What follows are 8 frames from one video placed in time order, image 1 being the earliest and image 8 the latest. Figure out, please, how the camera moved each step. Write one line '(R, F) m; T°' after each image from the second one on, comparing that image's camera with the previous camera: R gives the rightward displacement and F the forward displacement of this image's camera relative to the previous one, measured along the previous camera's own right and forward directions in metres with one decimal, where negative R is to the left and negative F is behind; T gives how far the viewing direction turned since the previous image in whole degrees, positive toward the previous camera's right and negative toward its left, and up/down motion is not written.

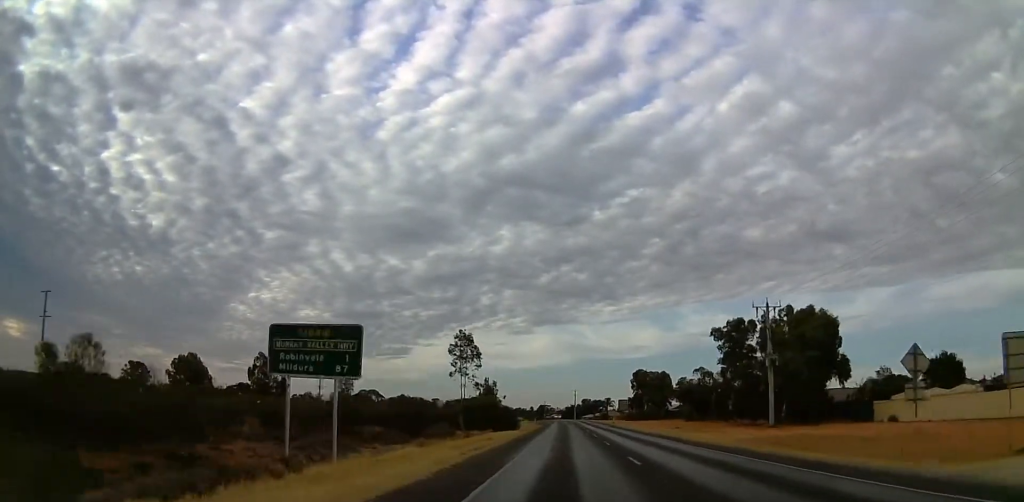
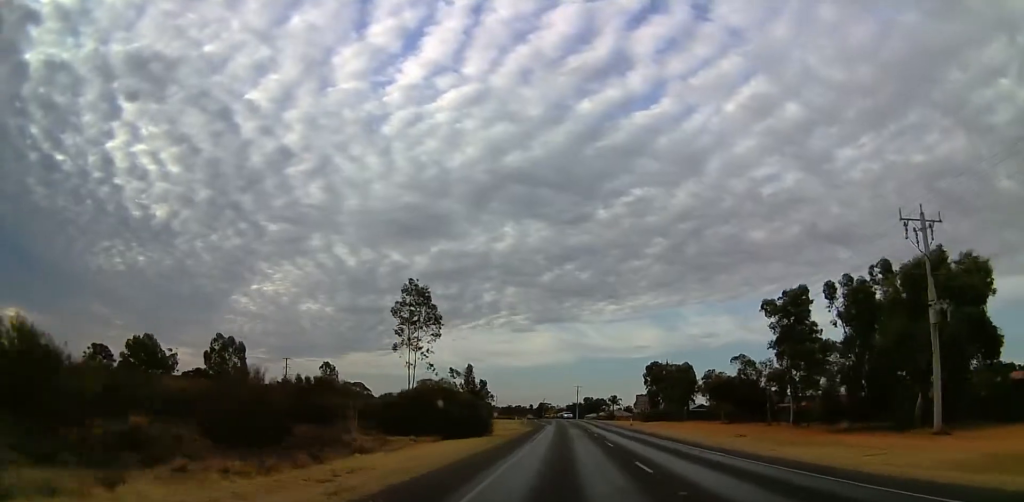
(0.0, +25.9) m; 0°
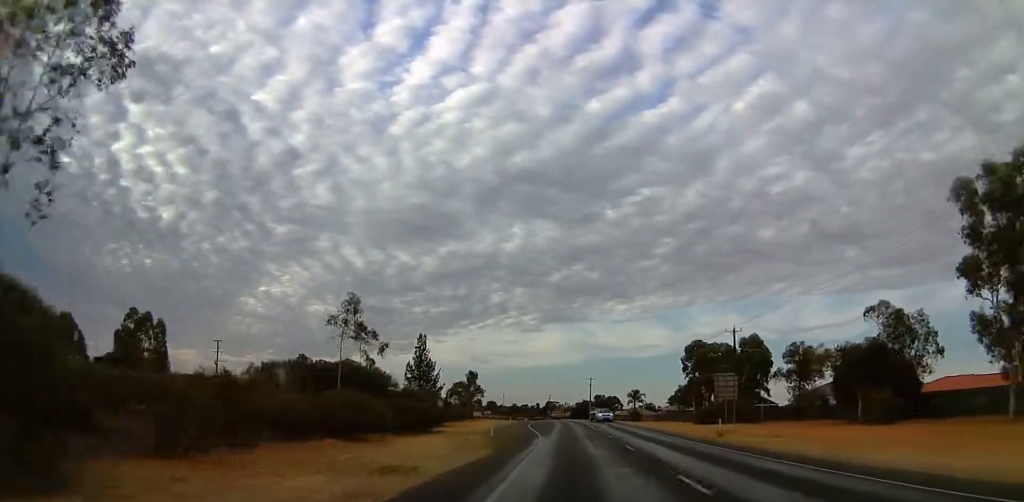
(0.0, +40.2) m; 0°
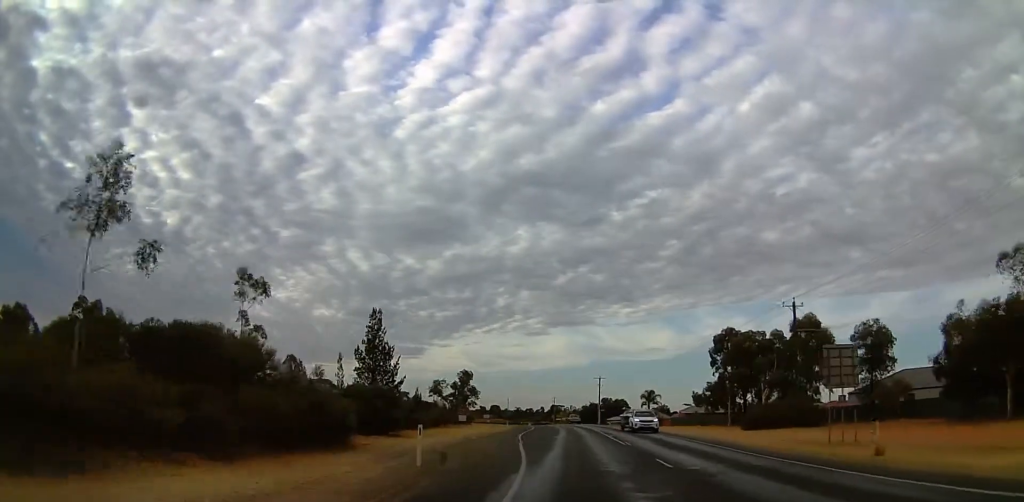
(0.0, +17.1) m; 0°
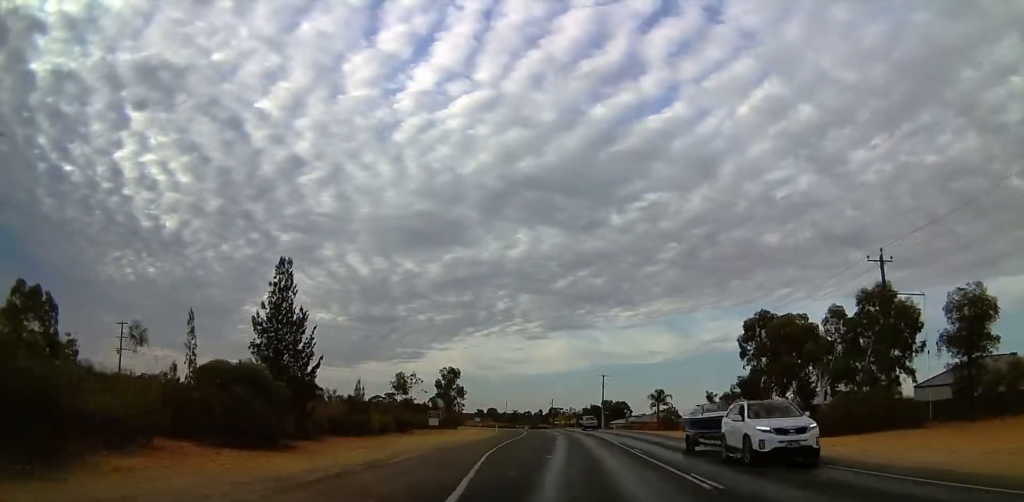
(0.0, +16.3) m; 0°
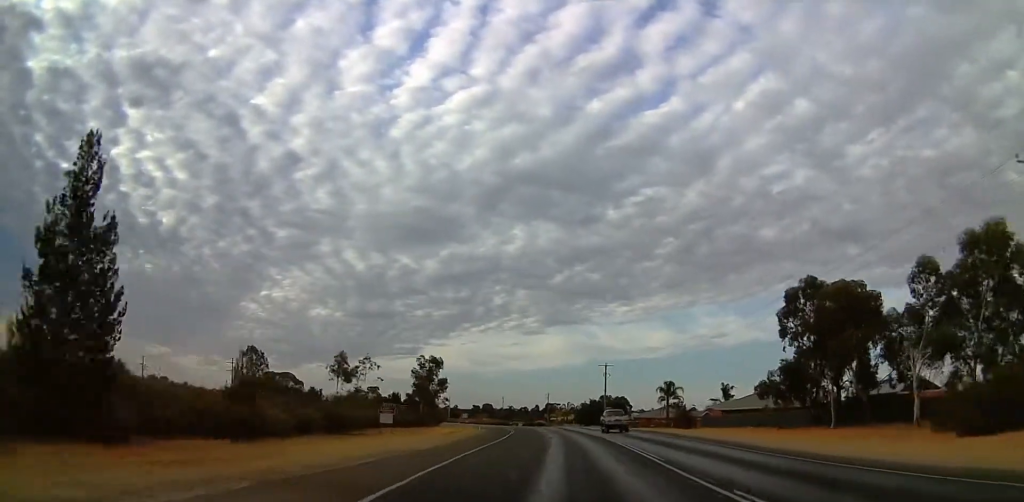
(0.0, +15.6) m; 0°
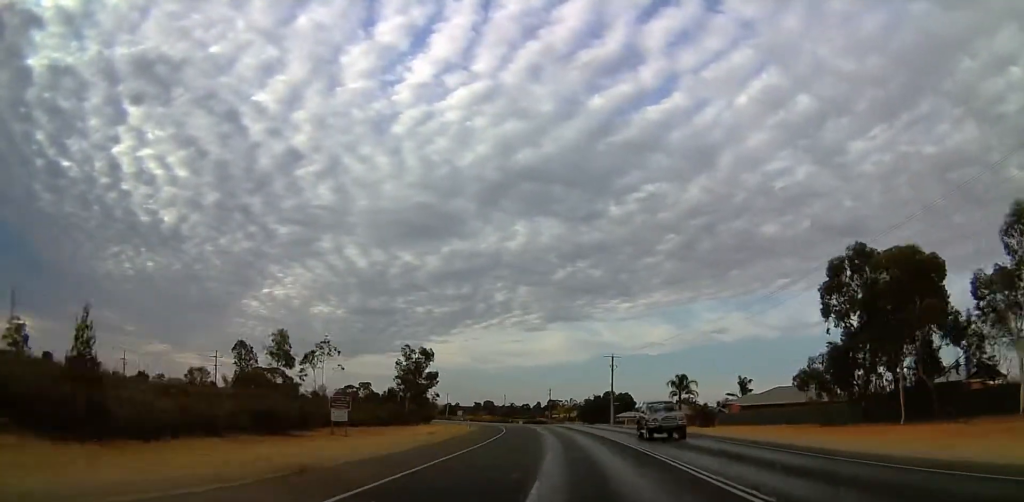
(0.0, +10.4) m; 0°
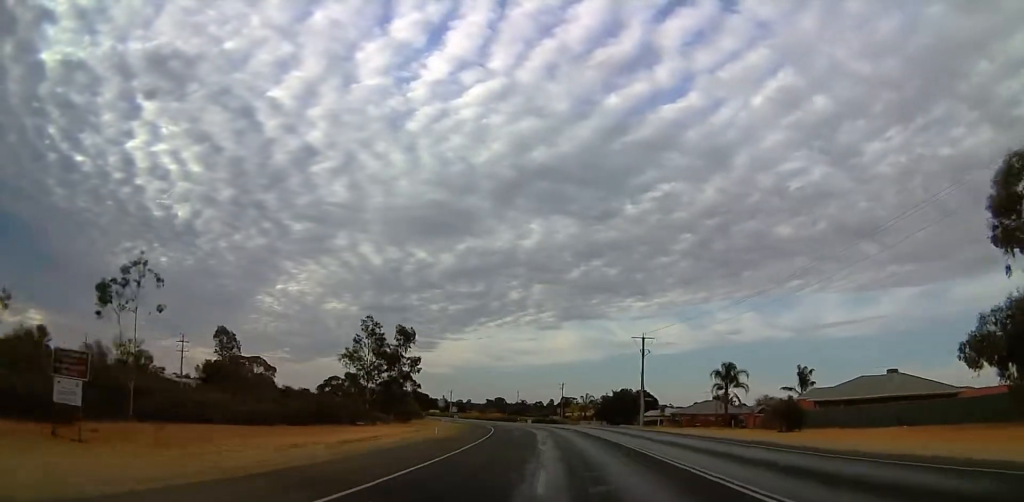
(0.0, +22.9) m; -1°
-------
> Required action:
Exactly as given, set down each line of the material, but include no pictures.

> Exercise answer:
What follows are 8 frames from one video placed in time order, image 1 being the earliest and image 8 the latest. Figure out, please, how the camera moved each step. Write one line '(R, F) m; T°' after each image from the second one on, comparing that image's camera with the previous camera: R gives the rightward displacement and F the forward displacement of this image's camera relative to the previous one, measured along the previous camera's own right and forward directions in metres with one decimal, where negative R is to the left and negative F is behind; T gives how far the viewing direction turned since the previous image in whole degrees, positive toward the previous camera's right and negative toward its left, and up/down motion is not written.

(0.0, +25.9) m; 0°
(0.0, +40.2) m; 0°
(0.0, +17.1) m; 0°
(0.0, +16.3) m; 0°
(0.0, +15.6) m; 0°
(0.0, +10.4) m; 0°
(0.0, +22.9) m; -1°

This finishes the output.